Task instructions
Return the lines below that contain "stone".

**** Task data

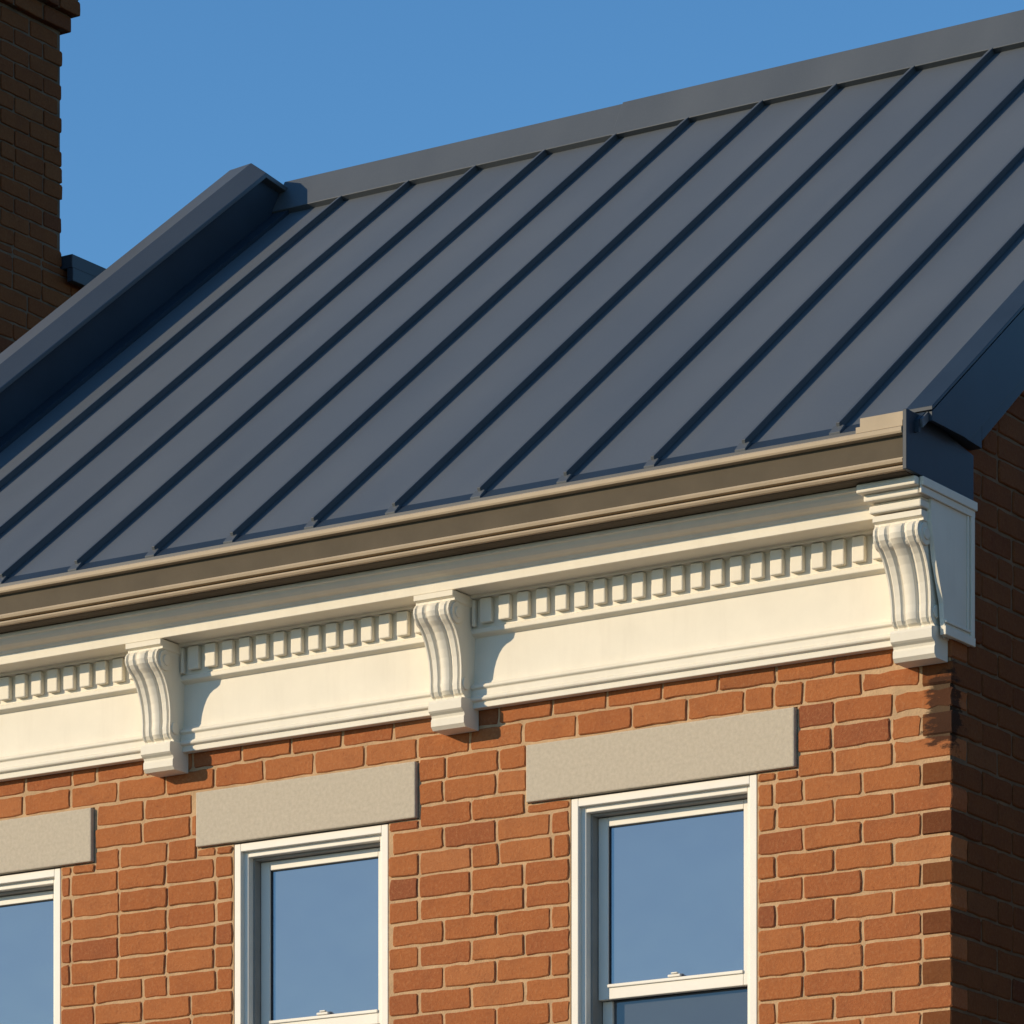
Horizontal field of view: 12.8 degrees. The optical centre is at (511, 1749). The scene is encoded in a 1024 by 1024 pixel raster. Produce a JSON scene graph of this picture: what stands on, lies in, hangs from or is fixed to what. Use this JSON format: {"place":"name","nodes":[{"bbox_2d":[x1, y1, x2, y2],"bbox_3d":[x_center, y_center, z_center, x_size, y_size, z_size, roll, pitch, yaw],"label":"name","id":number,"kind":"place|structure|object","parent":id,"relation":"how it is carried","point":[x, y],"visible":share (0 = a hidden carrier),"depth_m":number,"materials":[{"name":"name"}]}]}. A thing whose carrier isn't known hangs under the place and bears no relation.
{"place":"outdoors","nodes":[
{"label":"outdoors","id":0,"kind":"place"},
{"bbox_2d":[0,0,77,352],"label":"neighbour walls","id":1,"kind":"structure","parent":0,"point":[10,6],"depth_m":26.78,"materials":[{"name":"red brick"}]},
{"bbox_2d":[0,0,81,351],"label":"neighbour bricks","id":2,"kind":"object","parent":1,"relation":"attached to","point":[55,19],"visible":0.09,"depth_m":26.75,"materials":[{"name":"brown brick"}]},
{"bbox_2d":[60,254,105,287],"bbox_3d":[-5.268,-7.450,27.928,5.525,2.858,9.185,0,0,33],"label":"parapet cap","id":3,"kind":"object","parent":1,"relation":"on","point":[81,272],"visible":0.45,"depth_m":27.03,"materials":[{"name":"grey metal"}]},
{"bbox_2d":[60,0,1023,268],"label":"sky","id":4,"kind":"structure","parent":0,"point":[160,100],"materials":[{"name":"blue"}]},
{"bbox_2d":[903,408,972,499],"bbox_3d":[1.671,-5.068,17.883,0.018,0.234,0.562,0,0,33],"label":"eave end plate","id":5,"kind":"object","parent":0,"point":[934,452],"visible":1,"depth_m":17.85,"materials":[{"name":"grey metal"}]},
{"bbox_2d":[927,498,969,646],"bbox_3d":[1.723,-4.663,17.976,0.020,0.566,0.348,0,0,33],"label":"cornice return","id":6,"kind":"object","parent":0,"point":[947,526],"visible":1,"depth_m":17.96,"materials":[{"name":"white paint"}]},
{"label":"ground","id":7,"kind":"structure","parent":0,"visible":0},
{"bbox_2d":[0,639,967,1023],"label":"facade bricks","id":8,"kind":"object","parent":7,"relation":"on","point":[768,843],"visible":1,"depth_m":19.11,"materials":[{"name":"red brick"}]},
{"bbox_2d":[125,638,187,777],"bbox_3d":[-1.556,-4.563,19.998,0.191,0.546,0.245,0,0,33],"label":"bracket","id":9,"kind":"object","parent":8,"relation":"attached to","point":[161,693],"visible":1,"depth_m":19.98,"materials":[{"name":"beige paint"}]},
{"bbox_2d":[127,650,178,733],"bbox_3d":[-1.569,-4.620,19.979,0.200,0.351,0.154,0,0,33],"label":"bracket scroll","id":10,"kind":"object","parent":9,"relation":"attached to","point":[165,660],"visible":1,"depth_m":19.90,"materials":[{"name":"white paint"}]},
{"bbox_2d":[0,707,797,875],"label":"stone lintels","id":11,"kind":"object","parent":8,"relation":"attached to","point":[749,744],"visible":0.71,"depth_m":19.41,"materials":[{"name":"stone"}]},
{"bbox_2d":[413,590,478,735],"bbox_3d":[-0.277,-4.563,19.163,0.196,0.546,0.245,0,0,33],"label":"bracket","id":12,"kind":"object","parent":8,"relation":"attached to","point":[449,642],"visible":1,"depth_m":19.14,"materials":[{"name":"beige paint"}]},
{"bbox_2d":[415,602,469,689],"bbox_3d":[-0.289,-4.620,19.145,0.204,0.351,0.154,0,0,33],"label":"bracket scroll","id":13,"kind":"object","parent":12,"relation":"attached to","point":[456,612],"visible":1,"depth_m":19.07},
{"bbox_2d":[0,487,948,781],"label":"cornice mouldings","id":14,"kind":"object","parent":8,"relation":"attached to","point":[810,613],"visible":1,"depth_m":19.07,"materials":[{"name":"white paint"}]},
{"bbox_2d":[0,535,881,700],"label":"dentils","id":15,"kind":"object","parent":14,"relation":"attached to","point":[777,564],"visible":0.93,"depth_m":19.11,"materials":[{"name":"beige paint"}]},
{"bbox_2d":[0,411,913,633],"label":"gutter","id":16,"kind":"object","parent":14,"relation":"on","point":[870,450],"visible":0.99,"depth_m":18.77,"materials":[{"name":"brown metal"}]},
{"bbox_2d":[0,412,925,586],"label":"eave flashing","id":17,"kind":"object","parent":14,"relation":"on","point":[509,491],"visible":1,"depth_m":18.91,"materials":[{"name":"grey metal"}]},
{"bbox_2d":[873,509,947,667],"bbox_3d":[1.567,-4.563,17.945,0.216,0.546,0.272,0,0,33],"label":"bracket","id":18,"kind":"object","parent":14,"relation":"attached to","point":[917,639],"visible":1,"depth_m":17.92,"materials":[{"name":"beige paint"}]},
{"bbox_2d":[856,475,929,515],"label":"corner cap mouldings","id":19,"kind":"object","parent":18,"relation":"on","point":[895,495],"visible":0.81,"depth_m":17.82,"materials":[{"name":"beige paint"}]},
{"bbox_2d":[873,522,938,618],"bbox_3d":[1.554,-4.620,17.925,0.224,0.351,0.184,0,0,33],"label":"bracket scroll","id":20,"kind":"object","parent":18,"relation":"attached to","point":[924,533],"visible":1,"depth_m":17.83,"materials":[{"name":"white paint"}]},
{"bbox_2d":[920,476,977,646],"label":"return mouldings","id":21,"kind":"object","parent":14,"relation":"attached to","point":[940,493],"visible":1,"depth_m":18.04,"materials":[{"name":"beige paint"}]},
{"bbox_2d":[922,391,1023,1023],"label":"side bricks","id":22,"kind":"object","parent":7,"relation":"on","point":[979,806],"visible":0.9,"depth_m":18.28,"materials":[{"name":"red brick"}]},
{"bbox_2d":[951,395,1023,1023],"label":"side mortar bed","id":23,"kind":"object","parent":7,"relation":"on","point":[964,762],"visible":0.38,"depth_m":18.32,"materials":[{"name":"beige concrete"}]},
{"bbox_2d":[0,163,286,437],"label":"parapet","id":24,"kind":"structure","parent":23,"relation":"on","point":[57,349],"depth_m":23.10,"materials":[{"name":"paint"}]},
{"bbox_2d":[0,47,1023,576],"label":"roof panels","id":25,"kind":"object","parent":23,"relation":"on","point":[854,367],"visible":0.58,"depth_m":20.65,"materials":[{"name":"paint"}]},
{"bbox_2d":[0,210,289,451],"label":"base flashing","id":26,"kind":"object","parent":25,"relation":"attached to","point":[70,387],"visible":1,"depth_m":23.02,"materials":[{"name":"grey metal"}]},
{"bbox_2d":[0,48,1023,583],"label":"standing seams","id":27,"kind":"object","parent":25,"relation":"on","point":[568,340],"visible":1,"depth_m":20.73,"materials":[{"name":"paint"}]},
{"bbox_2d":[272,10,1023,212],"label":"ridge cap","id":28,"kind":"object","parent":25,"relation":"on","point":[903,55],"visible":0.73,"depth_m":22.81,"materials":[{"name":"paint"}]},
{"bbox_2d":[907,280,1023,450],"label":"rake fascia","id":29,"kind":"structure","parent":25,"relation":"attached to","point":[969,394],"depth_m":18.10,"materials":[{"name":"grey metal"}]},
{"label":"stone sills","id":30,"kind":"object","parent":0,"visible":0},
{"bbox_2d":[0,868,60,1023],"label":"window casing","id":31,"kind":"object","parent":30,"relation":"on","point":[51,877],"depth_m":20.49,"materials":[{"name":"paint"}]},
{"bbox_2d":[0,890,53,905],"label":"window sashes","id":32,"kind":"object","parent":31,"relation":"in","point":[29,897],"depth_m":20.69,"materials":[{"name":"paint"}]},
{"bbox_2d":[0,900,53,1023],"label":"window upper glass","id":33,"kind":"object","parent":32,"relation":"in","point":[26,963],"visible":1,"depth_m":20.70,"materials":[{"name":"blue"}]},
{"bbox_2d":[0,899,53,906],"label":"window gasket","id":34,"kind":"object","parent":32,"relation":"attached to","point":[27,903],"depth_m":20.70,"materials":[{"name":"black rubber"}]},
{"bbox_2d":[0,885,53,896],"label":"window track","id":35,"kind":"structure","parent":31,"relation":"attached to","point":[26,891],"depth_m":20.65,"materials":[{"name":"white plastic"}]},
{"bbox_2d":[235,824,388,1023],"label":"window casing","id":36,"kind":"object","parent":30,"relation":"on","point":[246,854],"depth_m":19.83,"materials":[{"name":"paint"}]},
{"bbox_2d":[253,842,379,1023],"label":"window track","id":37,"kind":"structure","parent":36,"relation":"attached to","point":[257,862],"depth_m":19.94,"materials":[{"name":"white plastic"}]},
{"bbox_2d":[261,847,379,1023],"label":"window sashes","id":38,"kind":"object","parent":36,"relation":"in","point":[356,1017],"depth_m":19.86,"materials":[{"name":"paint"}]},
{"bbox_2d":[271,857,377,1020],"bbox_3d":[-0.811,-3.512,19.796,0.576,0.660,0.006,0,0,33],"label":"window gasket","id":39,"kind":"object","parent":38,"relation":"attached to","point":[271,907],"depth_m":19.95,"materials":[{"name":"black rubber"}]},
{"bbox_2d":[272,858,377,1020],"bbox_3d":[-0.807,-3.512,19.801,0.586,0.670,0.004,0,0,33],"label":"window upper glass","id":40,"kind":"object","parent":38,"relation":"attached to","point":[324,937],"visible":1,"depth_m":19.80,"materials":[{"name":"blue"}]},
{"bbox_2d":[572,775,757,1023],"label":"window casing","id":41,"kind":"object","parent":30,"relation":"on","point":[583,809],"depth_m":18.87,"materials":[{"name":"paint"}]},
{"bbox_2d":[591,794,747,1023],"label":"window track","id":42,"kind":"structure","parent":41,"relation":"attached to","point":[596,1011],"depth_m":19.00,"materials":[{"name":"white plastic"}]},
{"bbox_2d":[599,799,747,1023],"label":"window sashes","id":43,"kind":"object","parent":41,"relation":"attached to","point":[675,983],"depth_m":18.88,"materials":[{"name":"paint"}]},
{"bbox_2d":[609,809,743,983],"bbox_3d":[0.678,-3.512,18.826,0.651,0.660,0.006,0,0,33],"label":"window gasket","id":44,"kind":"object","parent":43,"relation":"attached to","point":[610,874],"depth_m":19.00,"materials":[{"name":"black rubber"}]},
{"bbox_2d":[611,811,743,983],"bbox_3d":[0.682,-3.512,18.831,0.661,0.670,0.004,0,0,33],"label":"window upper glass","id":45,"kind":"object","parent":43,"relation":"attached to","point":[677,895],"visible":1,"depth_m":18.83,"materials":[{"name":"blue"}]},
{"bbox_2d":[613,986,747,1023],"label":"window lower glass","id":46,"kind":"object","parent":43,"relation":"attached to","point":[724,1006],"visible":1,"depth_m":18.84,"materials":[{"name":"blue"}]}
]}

********

Response area
{"bbox_2d":[0,707,797,875],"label":"stone lintels","id":11,"kind":"object","parent":8,"relation":"attached to","point":[749,744],"visible":0.71,"depth_m":19.41,"materials":[{"name":"stone"}]},
{"label":"stone sills","id":30,"kind":"object","parent":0,"visible":0},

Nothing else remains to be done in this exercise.